An IQ is designed so that the mean is 100 and the standard deviation is 23 for the population of

Normal adults, find the sample size necessary to estimate the mean IQ score of statistics students
Such that it can be said with 90% confidence that the sample mean is within 5 IQ points of the true
Mean. Assume that @=23 and determine the required sample size using technology. Then determine if this is a reasonable sample size for a real world calculation.
The required sample size is --------- (round up to the nearest integer)

Why did the statistics student go broke?

Because they spent all their money on standard deviations!

To find the required sample size, we can use the formula:

n = (Z * σ / E)^2

Where:
n is the required sample size
Z is the Z-score for the desired confidence level (90% confidence corresponds to Z = 1.645)
σ is the population standard deviation (23 IQ points)
E is the desired margin of error (5 IQ points)

Let's plug in the values:

n = (1.645 * 23 / 5)^2

n = (37.935 / 5)^2

n = 7.587^2

n ≈ 57.60

Rounding up to the nearest integer, the required sample size is 58.

Now, is this a reasonable sample size for a real-world calculation?
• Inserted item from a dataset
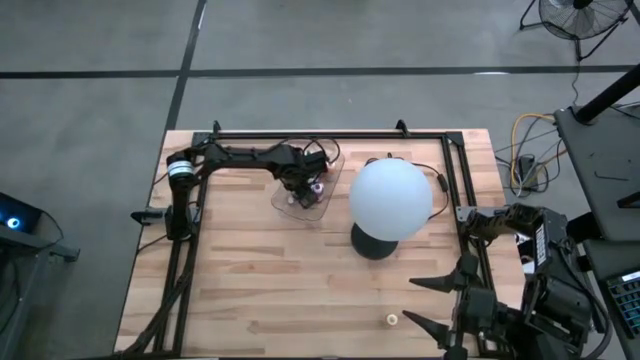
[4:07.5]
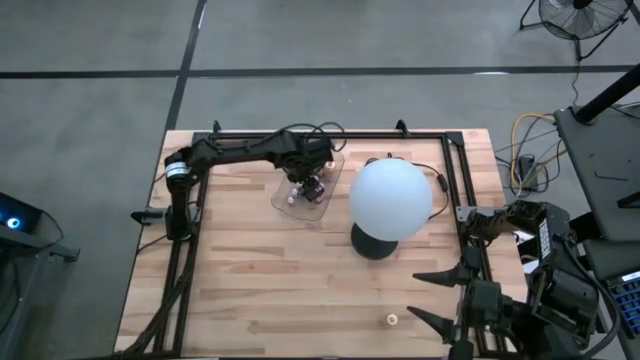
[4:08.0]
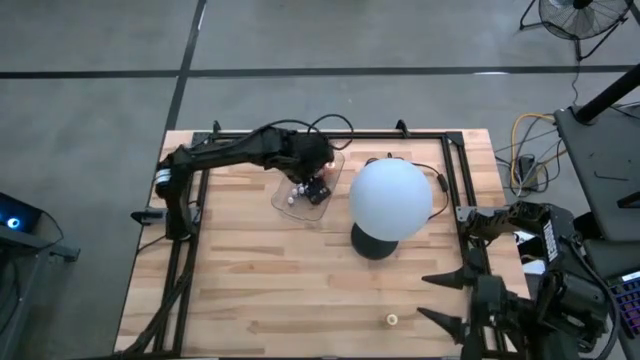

Well, it depends on various factors such as resources, time constraints, and the size of the population. 58 is a relatively small sample size, so it might not capture the complete variability of the statistics student population. However, if the population is relatively homogeneous and resources are limited, a sample size of 58 could still yield reasonably reliable results.

To determine the required sample size needed for estimating the mean IQ score of statistics students, we can use the formula for sample size calculation with a given margin of error and confidence level.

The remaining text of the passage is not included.